Using the records provided below, locate and copy each line that contains the word "mass".
━━━ Records ━━━
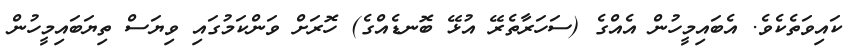
ކައިވަތެކެވެ. އެބައިމީހުން އެއްގެ (ސަހަރާތެރޭ އުޅޭ ބޮނޑެއްގެ) ހޮރަށް ވަންކަމުގައި ވިޔަސް ތިޔަބައިމީހުން
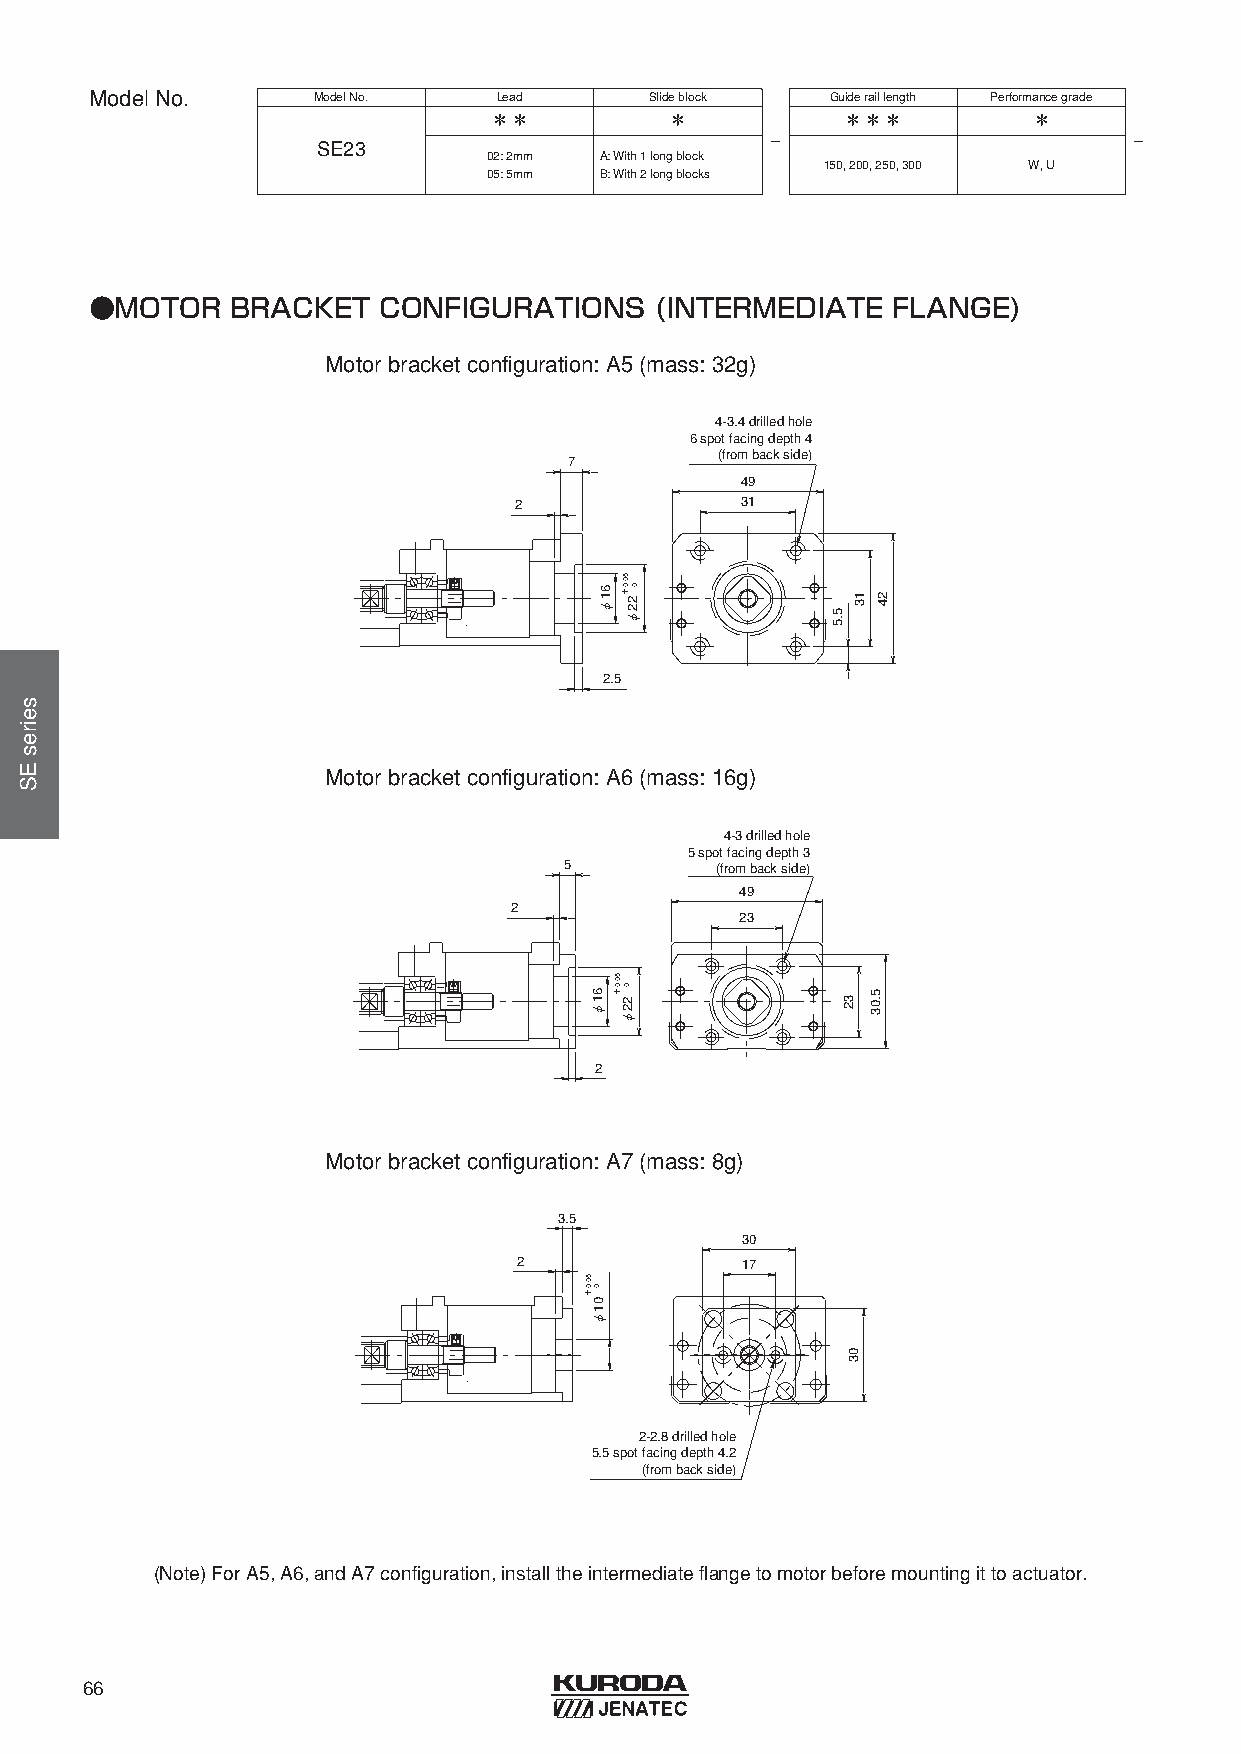
ModelNo.       ModelNo.    Lead      Slideblock  Guideraillength Performancegrade
 ＊＊          ＊           ＊＊＊         ＊
 -                       -
 SE23
 02: 2mm A: With1 longblock
 150, 200, 250, 300 W, U
 05: 5mm B: With2 longblocks
 ●MOTOR   BRACKET   CONFIGURATIONS    (INTERMEDIATE   FLANGE)
 Motorbracketconfiguration: A5 (mass: 32g)
 4-3.4 drilled hole
 6 spot facing depth 4
 (from back side)
 7
 49
 2              31
 2.5
 Motorbracketconfiguration: A6 (mass: 16g)
 4-3 drilled hole
 5 spot facing depth 3
 5         (from back side)
 49
 2
 23
 2
 Motorbracketconfiguration: A7 (mass: 8g)
 3.5
 30
 2              17
 2-2.8 drilled hole
 5.5 spot facing depth 4.2
 (from back side)
 (Note) ForA5, A6, andA7 configuration, installtheintermediateflangetomotorbeforemountingittoactuator.
 66
 seiresES
 50.0＋
 61φ
 61φ
 0
 01φ
 50.0＋
 50.0
 0＋
 22φ
 0 22φ
 5.5
 13
 32
 03
 5.03
 24
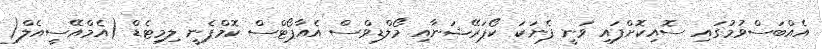
އެއްބަސްވުމުގައި ސޮއިކޮށްފައި ވަނީ ފެނަކަ ކޯޕަރޭޝަނާއި މޯލްޑިވްސް އެއާޕޯޓްސް ކޮމްޕެނީ ލިމިޓެޑް (އެމްއޭސީއެލް(
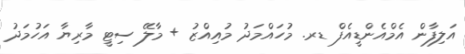
އަލިފާން އެމްއެންޑީއެފް ޑރ. މުހައްމަދު މުއިއްޒު + މާލޭ ސިޓީ މާރިޔާ އަހުމަދު
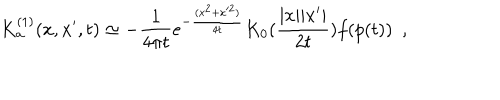
K _ { \bf a } ^ { ( 1 ) } ( x , x ^ { \prime } , t ) \simeq - { \frac { 1 } { 4 \pi t } } e ^ { - { \frac { ( x ^ { 2 } + x ^ { 2 } ) } { 4 t } } } K _ { 0 } ( { \frac { | x | | x ^ { \prime } | } { 2 t } } ) f ( p ( t ) ) ~ ~ ,
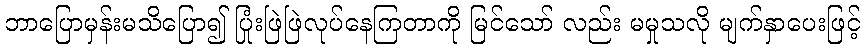
ဘာပြောမှန်းမသိပြော၍ ပြုံးဖြဲဖြဲလုပ်နေကြတာကို မြင်သော် လည်း မမှုသလို မျက်နှာပေးဖြင့်
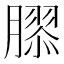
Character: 𦠧
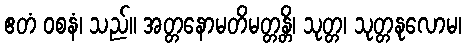
ဧတံ ဝစနံ၊ သည်။ အတ္တနောမတိမတ္တန္တိ၊ သုတ္တ၊ သုတ္တနုလောမ၊
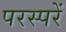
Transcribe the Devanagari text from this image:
परस्परें
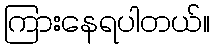
ကြားနေရပါတယ်။
━━━
**Solution to this exercise:**
 Motorbracketconfiguration: A5 (mass: 32g)
 Motorbracketconfiguration: A6 (mass: 16g)
 Motorbracketconfiguration: A7 (mass: 8g)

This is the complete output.